21 . The cell or population of cells of any one of claims 1-20 , wherein the cleavage resistant CD16 variant comprises an amino acid tag.
22 . The cell or population of cells of claim 21 , wherein the amino acid tag is present on the amino terminus of the CD16 polypeptide.
23 . The cell or population of cells of claim 21 , wherein the amino acid tag is present on the carboxy terminus of the CD16 polypeptide.

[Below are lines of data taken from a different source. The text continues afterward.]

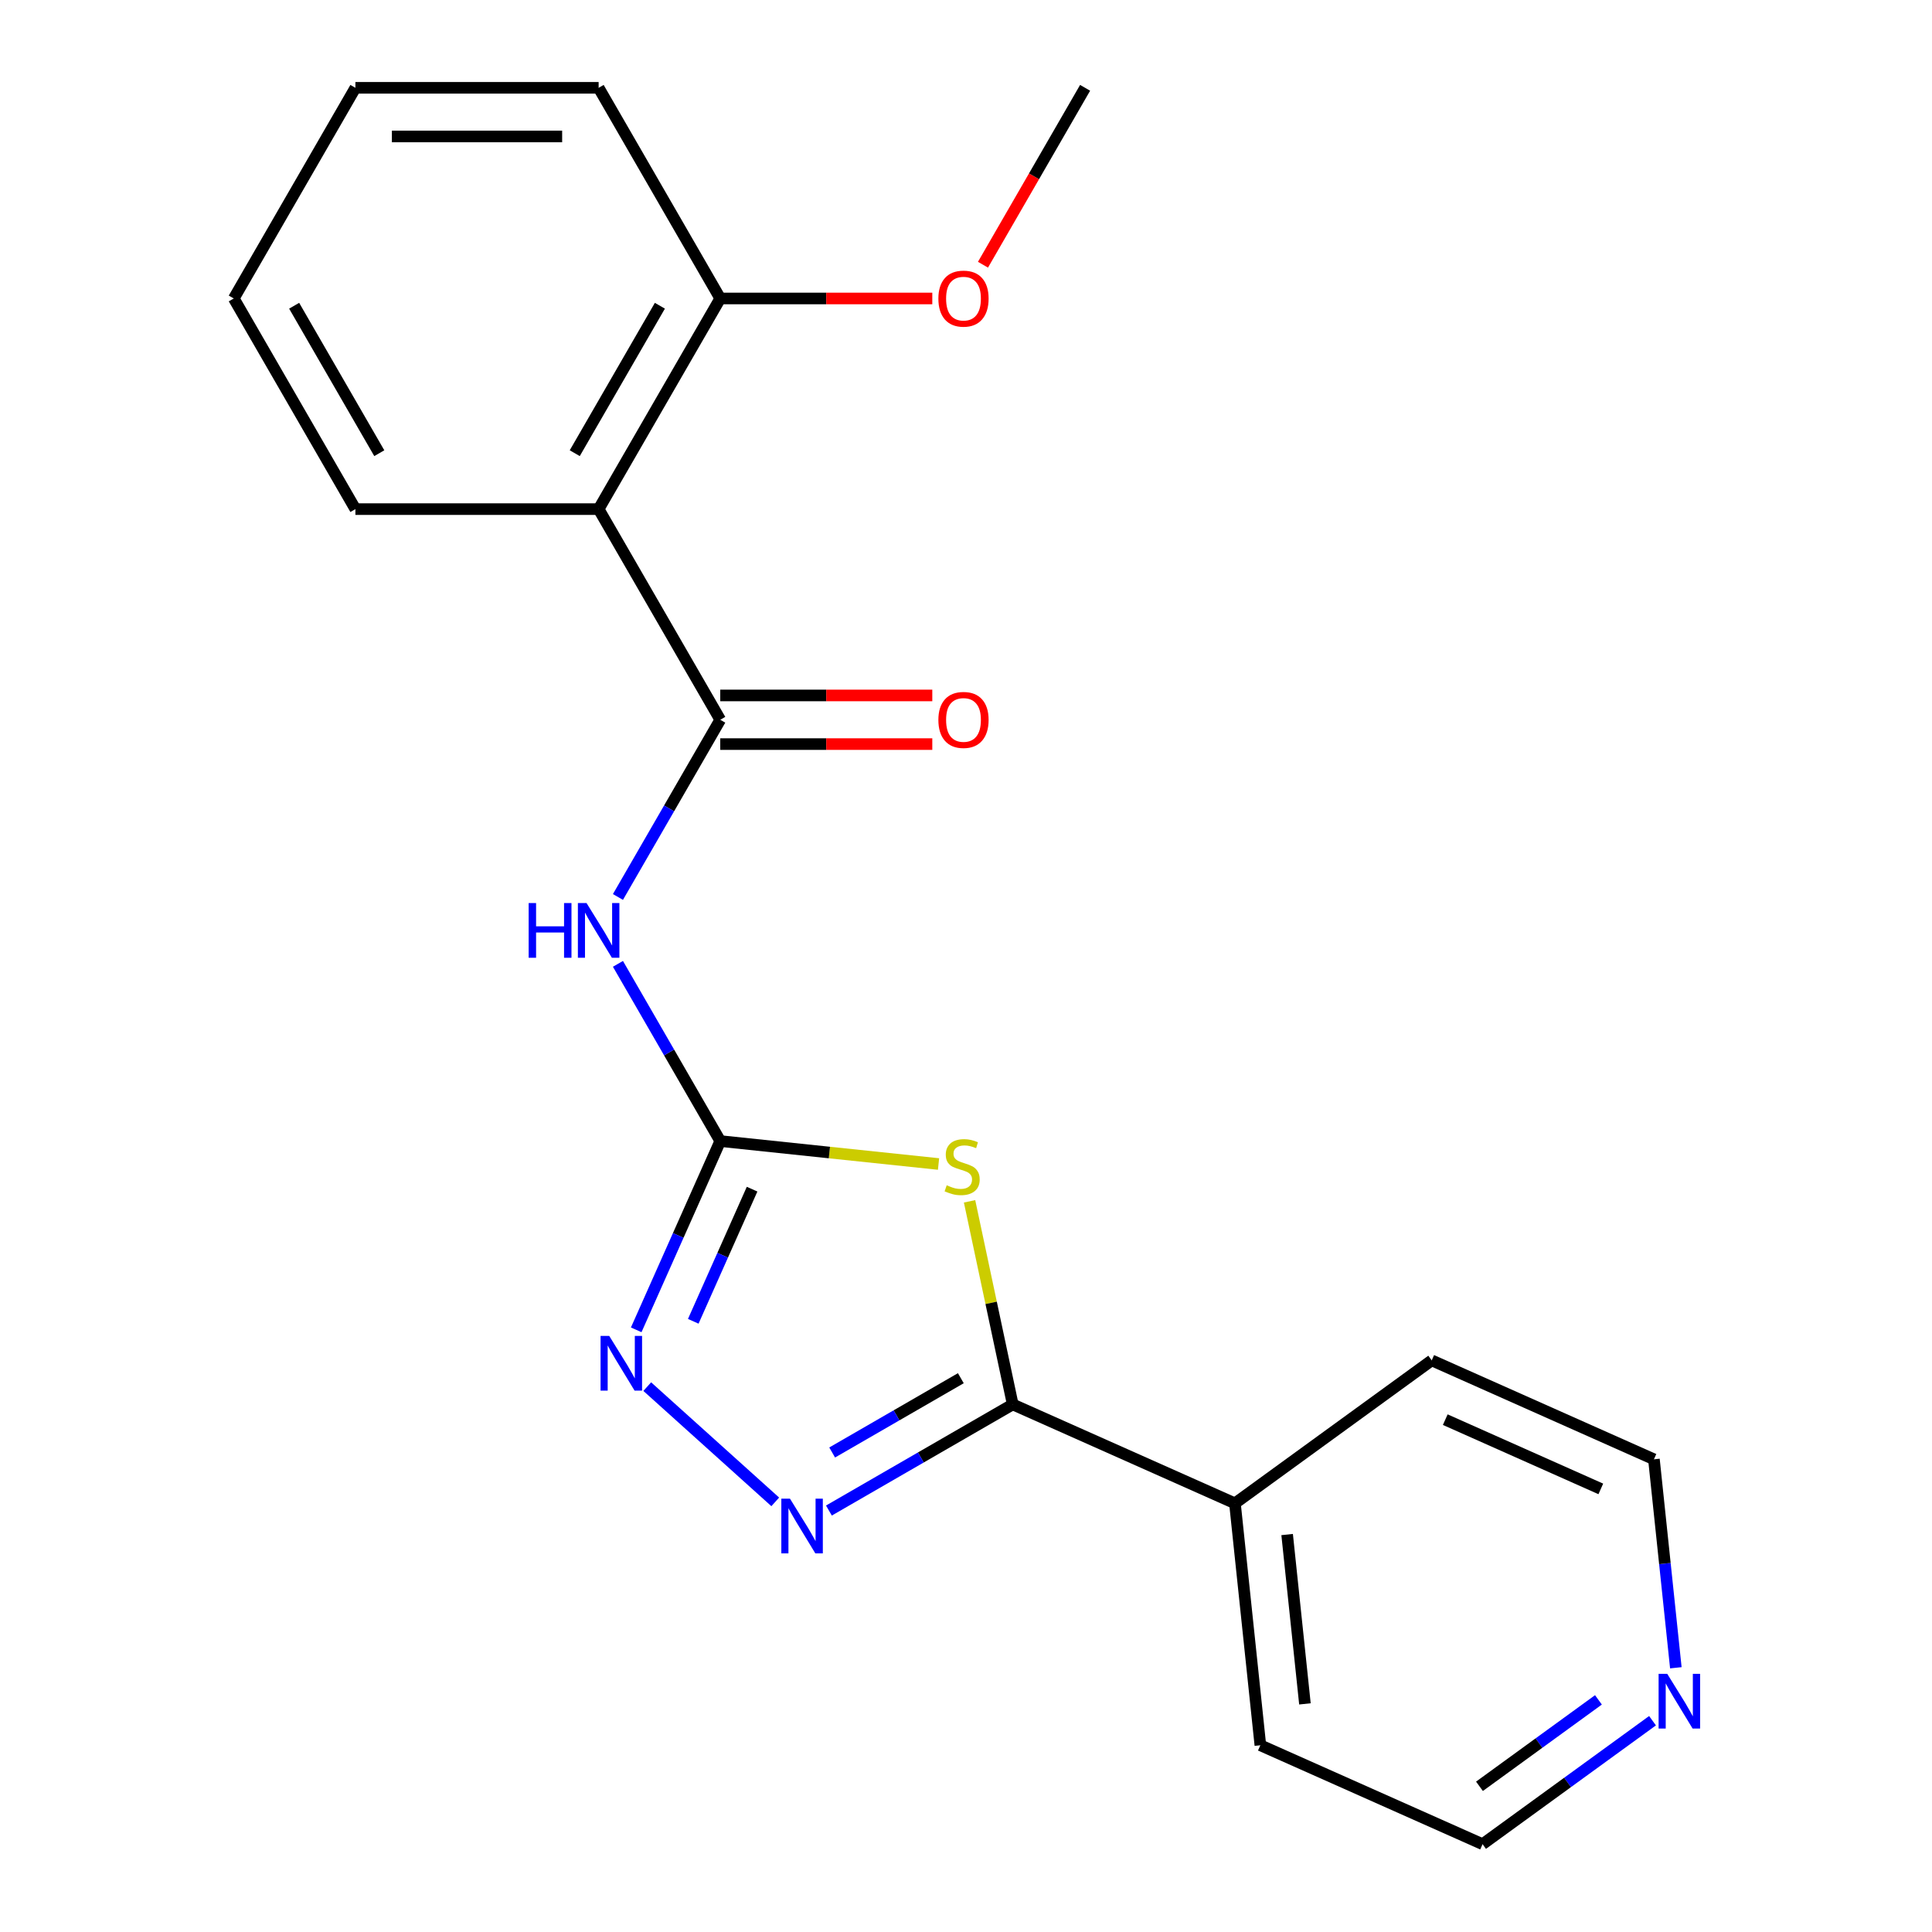 <?xml version='1.0' encoding='iso-8859-1'?>
<svg version='1.1' baseProfile='full'
              xmlns='http://www.w3.org/2000/svg'
                      xmlns:rdkit='http://www.rdkit.org/xml'
                      xmlns:xlink='http://www.w3.org/1999/xlink'
                  xml:space='preserve'
width='1000px' height='1000px' viewBox='0 0 1000 1000'>
<!-- END OF HEADER -->
<rect style='opacity:1.0;fill:#FFFFFF;stroke:none' width='1000' height='1000' x='0' y='0'> </rect>
<path class='bond-0' d='M 485.785,602.488 L 429.294,596.55' style='fill:none;fill-rule:evenodd;stroke:#CCCC00;stroke-width:6px;stroke-linecap:butt;stroke-linejoin:miter;stroke-opacity:1' />
<path class='bond-0' d='M 429.294,596.55 L 372.803,590.613' style='fill:none;fill-rule:evenodd;stroke:#000000;stroke-width:6px;stroke-linecap:butt;stroke-linejoin:miter;stroke-opacity:1' />
<path class='bond-1' d='M 501.844,621.8 L 513.016,674.361' style='fill:none;fill-rule:evenodd;stroke:#CCCC00;stroke-width:6px;stroke-linecap:butt;stroke-linejoin:miter;stroke-opacity:1' />
<path class='bond-1' d='M 513.016,674.361 L 524.188,726.921' style='fill:none;fill-rule:evenodd;stroke:#000000;stroke-width:6px;stroke-linecap:butt;stroke-linejoin:miter;stroke-opacity:1' />
<path class='bond-4' d='M 372.803,590.613 L 346.324,544.751' style='fill:none;fill-rule:evenodd;stroke:#000000;stroke-width:6px;stroke-linecap:butt;stroke-linejoin:miter;stroke-opacity:1' />
<path class='bond-4' d='M 346.324,544.751 L 319.846,498.889' style='fill:none;fill-rule:evenodd;stroke:#0000FF;stroke-width:6px;stroke-linecap:butt;stroke-linejoin:miter;stroke-opacity:1' />
<path class='bond-5' d='M 372.803,590.613 L 351.052,639.466' style='fill:none;fill-rule:evenodd;stroke:#000000;stroke-width:6px;stroke-linecap:butt;stroke-linejoin:miter;stroke-opacity:1' />
<path class='bond-5' d='M 351.052,639.466 L 329.301,688.32' style='fill:none;fill-rule:evenodd;stroke:#0000FF;stroke-width:6px;stroke-linecap:butt;stroke-linejoin:miter;stroke-opacity:1' />
<path class='bond-5' d='M 389.281,615.511 L 374.055,649.708' style='fill:none;fill-rule:evenodd;stroke:#000000;stroke-width:6px;stroke-linecap:butt;stroke-linejoin:miter;stroke-opacity:1' />
<path class='bond-5' d='M 374.055,649.708 L 358.829,683.905' style='fill:none;fill-rule:evenodd;stroke:#0000FF;stroke-width:6px;stroke-linecap:butt;stroke-linejoin:miter;stroke-opacity:1' />
<path class='bond-2' d='M 524.188,726.921 L 476.616,754.387' style='fill:none;fill-rule:evenodd;stroke:#000000;stroke-width:6px;stroke-linecap:butt;stroke-linejoin:miter;stroke-opacity:1' />
<path class='bond-2' d='M 476.616,754.387 L 429.044,781.852' style='fill:none;fill-rule:evenodd;stroke:#0000FF;stroke-width:6px;stroke-linecap:butt;stroke-linejoin:miter;stroke-opacity:1' />
<path class='bond-2' d='M 497.327,713.354 L 464.026,732.58' style='fill:none;fill-rule:evenodd;stroke:#000000;stroke-width:6px;stroke-linecap:butt;stroke-linejoin:miter;stroke-opacity:1' />
<path class='bond-2' d='M 464.026,732.58 L 430.726,751.806' style='fill:none;fill-rule:evenodd;stroke:#0000FF;stroke-width:6px;stroke-linecap:butt;stroke-linejoin:miter;stroke-opacity:1' />
<path class='bond-9' d='M 524.188,726.921 L 639.202,778.128' style='fill:none;fill-rule:evenodd;stroke:#000000;stroke-width:6px;stroke-linecap:butt;stroke-linejoin:miter;stroke-opacity:1' />
<path class='bond-21' d='M 401.269,777.366 L 335.016,717.711' style='fill:none;fill-rule:evenodd;stroke:#0000FF;stroke-width:6px;stroke-linecap:butt;stroke-linejoin:miter;stroke-opacity:1' />
<path class='bond-3' d='M 372.803,372.55 L 346.324,418.412' style='fill:none;fill-rule:evenodd;stroke:#000000;stroke-width:6px;stroke-linecap:butt;stroke-linejoin:miter;stroke-opacity:1' />
<path class='bond-3' d='M 346.324,418.412 L 319.846,464.274' style='fill:none;fill-rule:evenodd;stroke:#0000FF;stroke-width:6px;stroke-linecap:butt;stroke-linejoin:miter;stroke-opacity:1' />
<path class='bond-6' d='M 372.803,372.55 L 309.853,263.518' style='fill:none;fill-rule:evenodd;stroke:#000000;stroke-width:6px;stroke-linecap:butt;stroke-linejoin:miter;stroke-opacity:1' />
<path class='bond-7' d='M 372.803,385.14 L 427.679,385.14' style='fill:none;fill-rule:evenodd;stroke:#000000;stroke-width:6px;stroke-linecap:butt;stroke-linejoin:miter;stroke-opacity:1' />
<path class='bond-7' d='M 427.679,385.14 L 482.554,385.14' style='fill:none;fill-rule:evenodd;stroke:#FF0000;stroke-width:6px;stroke-linecap:butt;stroke-linejoin:miter;stroke-opacity:1' />
<path class='bond-7' d='M 372.803,359.96 L 427.679,359.96' style='fill:none;fill-rule:evenodd;stroke:#000000;stroke-width:6px;stroke-linecap:butt;stroke-linejoin:miter;stroke-opacity:1' />
<path class='bond-7' d='M 427.679,359.96 L 482.554,359.96' style='fill:none;fill-rule:evenodd;stroke:#FF0000;stroke-width:6px;stroke-linecap:butt;stroke-linejoin:miter;stroke-opacity:1' />
<path class='bond-8' d='M 309.853,263.518 L 372.803,154.486' style='fill:none;fill-rule:evenodd;stroke:#000000;stroke-width:6px;stroke-linecap:butt;stroke-linejoin:miter;stroke-opacity:1' />
<path class='bond-8' d='M 297.49,234.573 L 341.554,158.251' style='fill:none;fill-rule:evenodd;stroke:#000000;stroke-width:6px;stroke-linecap:butt;stroke-linejoin:miter;stroke-opacity:1' />
<path class='bond-11' d='M 309.853,263.518 L 183.955,263.518' style='fill:none;fill-rule:evenodd;stroke:#000000;stroke-width:6px;stroke-linecap:butt;stroke-linejoin:miter;stroke-opacity:1' />
<path class='bond-12' d='M 372.803,154.486 L 427.679,154.486' style='fill:none;fill-rule:evenodd;stroke:#000000;stroke-width:6px;stroke-linecap:butt;stroke-linejoin:miter;stroke-opacity:1' />
<path class='bond-12' d='M 427.679,154.486 L 482.554,154.486' style='fill:none;fill-rule:evenodd;stroke:#FF0000;stroke-width:6px;stroke-linecap:butt;stroke-linejoin:miter;stroke-opacity:1' />
<path class='bond-17' d='M 372.803,154.486 L 309.853,45.455' style='fill:none;fill-rule:evenodd;stroke:#000000;stroke-width:6px;stroke-linecap:butt;stroke-linejoin:miter;stroke-opacity:1' />
<path class='bond-15' d='M 639.202,778.128 L 741.057,704.127' style='fill:none;fill-rule:evenodd;stroke:#000000;stroke-width:6px;stroke-linecap:butt;stroke-linejoin:miter;stroke-opacity:1' />
<path class='bond-16' d='M 639.202,778.128 L 652.363,903.338' style='fill:none;fill-rule:evenodd;stroke:#000000;stroke-width:6px;stroke-linecap:butt;stroke-linejoin:miter;stroke-opacity:1' />
<path class='bond-16' d='M 666.218,794.278 L 675.43,881.924' style='fill:none;fill-rule:evenodd;stroke:#000000;stroke-width:6px;stroke-linecap:butt;stroke-linejoin:miter;stroke-opacity:1' />
<path class='bond-10' d='M 855.344,890.634 L 811.36,922.59' style='fill:none;fill-rule:evenodd;stroke:#0000FF;stroke-width:6px;stroke-linecap:butt;stroke-linejoin:miter;stroke-opacity:1' />
<path class='bond-10' d='M 811.36,922.59 L 767.377,954.545' style='fill:none;fill-rule:evenodd;stroke:#000000;stroke-width:6px;stroke-linecap:butt;stroke-linejoin:miter;stroke-opacity:1' />
<path class='bond-10' d='M 827.348,879.85 L 796.56,902.219' style='fill:none;fill-rule:evenodd;stroke:#0000FF;stroke-width:6px;stroke-linecap:butt;stroke-linejoin:miter;stroke-opacity:1' />
<path class='bond-10' d='M 796.56,902.219 L 765.772,924.588' style='fill:none;fill-rule:evenodd;stroke:#000000;stroke-width:6px;stroke-linecap:butt;stroke-linejoin:miter;stroke-opacity:1' />
<path class='bond-22' d='M 867.412,863.236 L 861.742,809.286' style='fill:none;fill-rule:evenodd;stroke:#0000FF;stroke-width:6px;stroke-linecap:butt;stroke-linejoin:miter;stroke-opacity:1' />
<path class='bond-22' d='M 861.742,809.286 L 856.071,755.335' style='fill:none;fill-rule:evenodd;stroke:#000000;stroke-width:6px;stroke-linecap:butt;stroke-linejoin:miter;stroke-opacity:1' />
<path class='bond-19' d='M 183.955,263.518 L 121.005,154.486' style='fill:none;fill-rule:evenodd;stroke:#000000;stroke-width:6px;stroke-linecap:butt;stroke-linejoin:miter;stroke-opacity:1' />
<path class='bond-19' d='M 196.318,234.573 L 152.254,158.251' style='fill:none;fill-rule:evenodd;stroke:#000000;stroke-width:6px;stroke-linecap:butt;stroke-linejoin:miter;stroke-opacity:1' />
<path class='bond-18' d='M 508.787,137.019 L 535.219,91.237' style='fill:none;fill-rule:evenodd;stroke:#FF0000;stroke-width:6px;stroke-linecap:butt;stroke-linejoin:miter;stroke-opacity:1' />
<path class='bond-18' d='M 535.219,91.237 L 561.651,45.455' style='fill:none;fill-rule:evenodd;stroke:#000000;stroke-width:6px;stroke-linecap:butt;stroke-linejoin:miter;stroke-opacity:1' />
<path class='bond-13' d='M 767.377,954.545 L 652.363,903.338' style='fill:none;fill-rule:evenodd;stroke:#000000;stroke-width:6px;stroke-linecap:butt;stroke-linejoin:miter;stroke-opacity:1' />
<path class='bond-14' d='M 856.071,755.335 L 741.057,704.127' style='fill:none;fill-rule:evenodd;stroke:#000000;stroke-width:6px;stroke-linecap:butt;stroke-linejoin:miter;stroke-opacity:1' />
<path class='bond-14' d='M 828.578,770.656 L 748.067,734.811' style='fill:none;fill-rule:evenodd;stroke:#000000;stroke-width:6px;stroke-linecap:butt;stroke-linejoin:miter;stroke-opacity:1' />
<path class='bond-23' d='M 309.853,45.455 L 183.955,45.455' style='fill:none;fill-rule:evenodd;stroke:#000000;stroke-width:6px;stroke-linecap:butt;stroke-linejoin:miter;stroke-opacity:1' />
<path class='bond-23' d='M 290.969,70.634 L 202.839,70.634' style='fill:none;fill-rule:evenodd;stroke:#000000;stroke-width:6px;stroke-linecap:butt;stroke-linejoin:miter;stroke-opacity:1' />
<path class='bond-20' d='M 121.005,154.486 L 183.955,45.455' style='fill:none;fill-rule:evenodd;stroke:#000000;stroke-width:6px;stroke-linecap:butt;stroke-linejoin:miter;stroke-opacity:1' />
<path  class='atom-0' d='M 490.012 613.493
Q 490.332 613.613, 491.652 614.173
Q 492.972 614.733, 494.412 615.093
Q 495.892 615.413, 497.332 615.413
Q 500.012 615.413, 501.572 614.133
Q 503.132 612.813, 503.132 610.533
Q 503.132 608.973, 502.332 608.013
Q 501.572 607.053, 500.372 606.533
Q 499.172 606.013, 497.172 605.413
Q 494.652 604.653, 493.132 603.933
Q 491.652 603.213, 490.572 601.693
Q 489.532 600.173, 489.532 597.613
Q 489.532 594.053, 491.932 591.853
Q 494.372 589.653, 499.172 589.653
Q 502.452 589.653, 506.172 591.213
L 505.252 594.293
Q 501.852 592.893, 499.292 592.893
Q 496.532 592.893, 495.012 594.053
Q 493.492 595.173, 493.532 597.133
Q 493.532 598.653, 494.292 599.573
Q 495.092 600.493, 496.212 601.013
Q 497.372 601.533, 499.292 602.133
Q 501.852 602.933, 503.372 603.733
Q 504.892 604.533, 505.972 606.173
Q 507.092 607.773, 507.092 610.533
Q 507.092 614.453, 504.452 616.573
Q 501.852 618.653, 497.492 618.653
Q 494.972 618.653, 493.052 618.093
Q 491.172 617.573, 488.932 616.653
L 490.012 613.493
' fill='#CCCC00'/>
<path  class='atom-3' d='M 408.896 775.71
L 418.176 790.71
Q 419.096 792.19, 420.576 794.87
Q 422.056 797.55, 422.136 797.71
L 422.136 775.71
L 425.896 775.71
L 425.896 804.03
L 422.016 804.03
L 412.056 787.63
Q 410.896 785.71, 409.656 783.51
Q 408.456 781.31, 408.096 780.63
L 408.096 804.03
L 404.416 804.03
L 404.416 775.71
L 408.896 775.71
' fill='#0000FF'/>
<path  class='atom-5' d='M 273.633 467.421
L 277.473 467.421
L 277.473 479.461
L 291.953 479.461
L 291.953 467.421
L 295.793 467.421
L 295.793 495.741
L 291.953 495.741
L 291.953 482.661
L 277.473 482.661
L 277.473 495.741
L 273.633 495.741
L 273.633 467.421
' fill='#0000FF'/>
<path  class='atom-5' d='M 303.593 467.421
L 312.873 482.421
Q 313.793 483.901, 315.273 486.581
Q 316.753 489.261, 316.833 489.421
L 316.833 467.421
L 320.593 467.421
L 320.593 495.741
L 316.713 495.741
L 306.753 479.341
Q 305.593 477.421, 304.353 475.221
Q 303.153 473.021, 302.793 472.341
L 302.793 495.741
L 299.113 495.741
L 299.113 467.421
L 303.593 467.421
' fill='#0000FF'/>
<path  class='atom-6' d='M 315.335 691.467
L 324.615 706.467
Q 325.535 707.947, 327.015 710.627
Q 328.495 713.307, 328.575 713.467
L 328.575 691.467
L 332.335 691.467
L 332.335 719.787
L 328.455 719.787
L 318.495 703.387
Q 317.335 701.467, 316.095 699.267
Q 314.895 697.067, 314.535 696.387
L 314.535 719.787
L 310.855 719.787
L 310.855 691.467
L 315.335 691.467
' fill='#0000FF'/>
<path  class='atom-8' d='M 485.702 372.63
Q 485.702 365.83, 489.062 362.03
Q 492.422 358.23, 498.702 358.23
Q 504.982 358.23, 508.342 362.03
Q 511.702 365.83, 511.702 372.63
Q 511.702 379.51, 508.302 383.43
Q 504.902 387.31, 498.702 387.31
Q 492.462 387.31, 489.062 383.43
Q 485.702 379.55, 485.702 372.63
M 498.702 384.11
Q 503.022 384.11, 505.342 381.23
Q 507.702 378.31, 507.702 372.63
Q 507.702 367.07, 505.342 364.27
Q 503.022 361.43, 498.702 361.43
Q 494.382 361.43, 492.022 364.23
Q 489.702 367.03, 489.702 372.63
Q 489.702 378.35, 492.022 381.23
Q 494.382 384.11, 498.702 384.11
' fill='#FF0000'/>
<path  class='atom-11' d='M 862.971 866.384
L 872.251 881.384
Q 873.171 882.864, 874.651 885.544
Q 876.131 888.224, 876.211 888.384
L 876.211 866.384
L 879.971 866.384
L 879.971 894.704
L 876.091 894.704
L 866.131 878.304
Q 864.971 876.384, 863.731 874.184
Q 862.531 871.984, 862.171 871.304
L 862.171 894.704
L 858.491 894.704
L 858.491 866.384
L 862.971 866.384
' fill='#0000FF'/>
<path  class='atom-13' d='M 485.702 154.566
Q 485.702 147.766, 489.062 143.966
Q 492.422 140.166, 498.702 140.166
Q 504.982 140.166, 508.342 143.966
Q 511.702 147.766, 511.702 154.566
Q 511.702 161.446, 508.302 165.366
Q 504.902 169.246, 498.702 169.246
Q 492.462 169.246, 489.062 165.366
Q 485.702 161.486, 485.702 154.566
M 498.702 166.046
Q 503.022 166.046, 505.342 163.166
Q 507.702 160.246, 507.702 154.566
Q 507.702 149.006, 505.342 146.206
Q 503.022 143.366, 498.702 143.366
Q 494.382 143.366, 492.022 146.166
Q 489.702 148.966, 489.702 154.566
Q 489.702 160.286, 492.022 163.166
Q 494.382 166.046, 498.702 166.046
' fill='#FF0000'/>
</svg>

24 . The cell or population of cells of any one of claims 21-23 , wherein the amino acid tag is a 6xHis (HHHHHH) tag or a myc tag (EQKLISEEDL).
25 . The cell or population of cells of any one of claims 1-24 , wherein the cell or population of cells are natural killer cells.
26 . The cell or population of cells of claim 25 , wherein the natural killer cells are placental-derived natural killer cells.
27 . The cell or population of cells of claim 26 , wherein the placental-derived natural killer (NK) cells are CYNK cells.
28 . The cell or population of cells of claim 25 , wherein the CYNK cells are placental CD34+ cell-derived natural killer (NK) cells.
29 . The cell or population of cells of any one of claims 1-28 , wherein the CYNK cells are characterized by expression of one or more markers selected from the group consisting of FGFBP2, GZMH, CCL3L3, GZMM, CXCR4, ZEB2, KLF2, LITAF, RORA, LYAR, CNOT1, IFNG, DUSP2, ATG2A, CD7, PMAIP1, PPP2R5C, NR4A2, ZFP36L2, PIK3R1, KLRF1, SNHG9, MT2A, RGS2, CHD1, DUSP1, EML4, ZFP36, ZC3H12A, DNAJB6, SBDS, IRF1, TSC22D3, TSPYL2, PNRC1, ISCA1, JUNB, WHAMM, RICTOR, TNFAIP3, EPC1, MVD, CLK1, ARL4C, REL, KMT2E, YPEL5, AMD1, BTG2, and IDS which is lower than expression of said markers in peripheral blood natural killer cells and/or expression of one or more markers selected from the group consisting of NDFIP2, LINC00996, MAL, CCL1, MB, SPINK2, C15orf48, CAMK1, KLRC1, TNFSF10, TNFRSF18, IL32, CAPG, AC092580.4, S100A11, TNFRSF4, ENO1, FCER1G, CCND2, KRT81, MRPS6, ANXA2, PTGER2, GLO1, HAVCR2, PYCARD, LAT2, SLC16A3, COTL1, PKM, TALDO1, CD96, NCR3, KRT86, STMN1, LTB, ARPC1B, ARPC5, FKBP1A, TIMP1, GZMK, CD59, PGK1, RGS10, EVL, RAC2, LGALS1, ITGB7, TUBB, PGAM1, PRF1, GZMB, IL2RB, KLRC2, and KLRB1 which is higher than expression of said markers in peripheral blood natural killer cells.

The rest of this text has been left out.